Tetropy will do its very best to recognise, and avoid touching, markup. Even so we suggest you use as little of it as possible, as it may just interfere with the selected output filter.

Using elements from HTML 3.2, for example, which doesn’t exist in XHTML 1.1 would have consequences for the output, and would in a worst case scenario make the markup non–wellformed.

Or just plain ugly …

Output

The exact markup produced from a Tetropy–format document depends on the output–filter chosen — and, of course, the parser. At the moment our reference parser can write HTML 4.01 Strict, XHTML 1.1 and EPUB 2 – the latter being a specialised form of XHTML.

The default output is HTML 4.01 Strict, where paragraphs create P–elements, emphasis EM, inline quotations Q, and so forth.

For XHTML 1.1, underlining is transformed into a SPAN element (in lowercase) with a STYLE attribute. Tetropy will attempt to follow the specifications it support as closely as possible, both syntactically and semantically.

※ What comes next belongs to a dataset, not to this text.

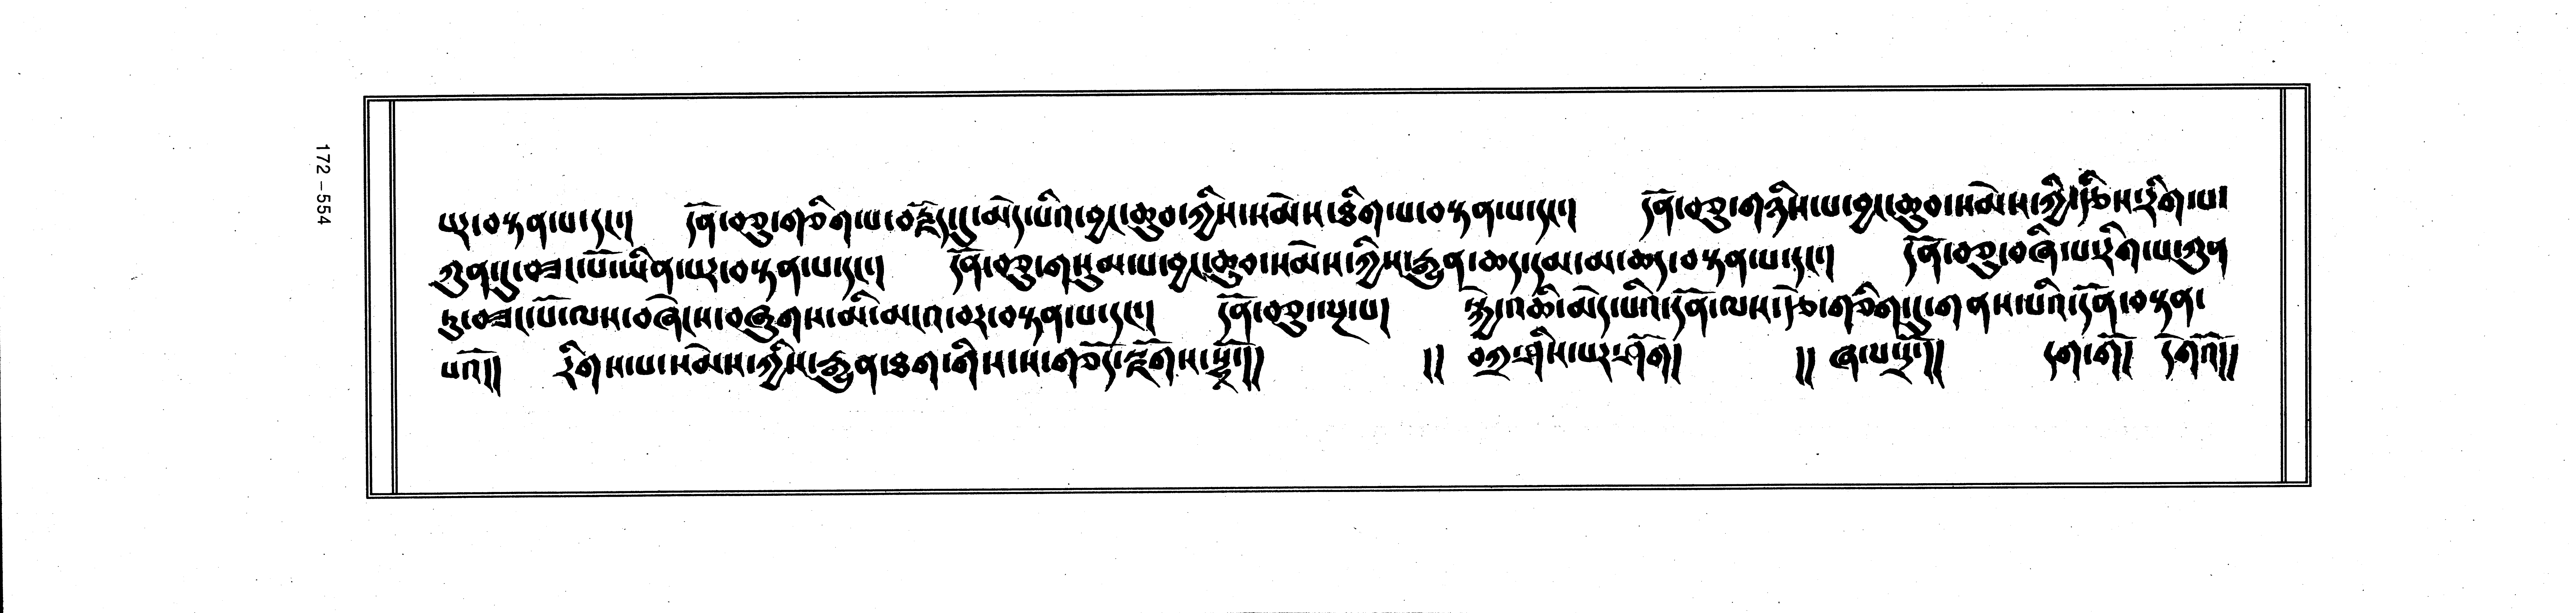པར་བསྟན་པ་དང་། དོན་བཅུ་གཅིག་པ་བརྗོད་དུ་མེད་པའི་བྱང་ཆུབ་ཀྱིས་སེམས་ཐེག་པ་བསྟན་པ་དང་། དོན་བཅུ་གཉིས་པ་བྱང་ཆུབ་སེམས་ཀྱི་རྩིས་རིག་པ་
ཀུན་ཏུ་བཟང་པོ་ཡིན་པར་བསྟན་པ་དང་། དོན་བཅུ་གསུམ་པ་བྱང་ཆུབ་སེམས་ཀྱིས་རྒྱུན་ཆད་དམ་མ་ཆད་བསྟན་པ་དང་། དོན་བཅུ་བཞི་པ་རིག་པ་ཀུན་
ཏུ་བཟང་པོ་ལས་བཞེངས་བཞུགས་མི་མངའ་བར་བསྟན་པ་དང་། དོན་བཅུ་ལྔ་པ། སྐྱེ་འཆི་མེད་པའི་དོན་ལས་རྩེ་གཅིག་དུ་གནས་པའི་དོན་བསྟན་
པའོ། རིག་པས་སེམས་ཀྱིས་རྒྱུན་ཐག་གིས་གཅོད་རྫོགས་སྷཱོ། བཀྲ་ཤིས་པར་ཤོག ཞལ་དྲོ། དག་གོ། དགེའོ།

The THEAD and TBODY elements are produced for both HTML 4.01 Strict and XHTML 1.1 — if any TH elements are produced.

An empty ALT–text is added to IMG elements if none is present.

As far as possible, the reference parser attempt to produce accessible markup. You have noted, of course, that there are no elements of physical markup for font changes or colour in Tetropy. All stylistic information is assumed to be in stylesheets.

Notes

If the text file uses tab or white–space indentation to separate paragraphs, this will be normalised.
Normalisation of indentation will not be done if the text contains raw markup.

Why “Tetropy”?

It’s a pun. Seriously. Don’t worry about it. Here, take a cookie. I promise, by the time you’re done eating it, you’ll feel as right as rain.

Conclusion

What, then, are the advantages to this type of markup language?

It’s simple. The resulting document will look very much like a traditional manuscript as sent to a publisher.
It’s not tied to a certain application or platform. You can write Tetropy in whichever editor or word processor you prefer, as long as it can save as plain UTF–8 text.
The manuscript, once done, can be used again and again to produce a number of different formats — HTML, XHTML, etc. — without conversion.
The manuscript is future–proof to a large degree — it’s plain text, nothing more, nothing less.
Did we remember to mention that it is simple? :) Easy to write, easy to read, easy to understand. Most of the codes involved you are likely already familiar with from other contexts.

It is this very simplicity — the fact that you can write an entirely book without doing anything more than put a blank line between paragraphs — which has made Tetropy our format of choice for articles, news, blog entries and internal documentation.

It could also work very well for books.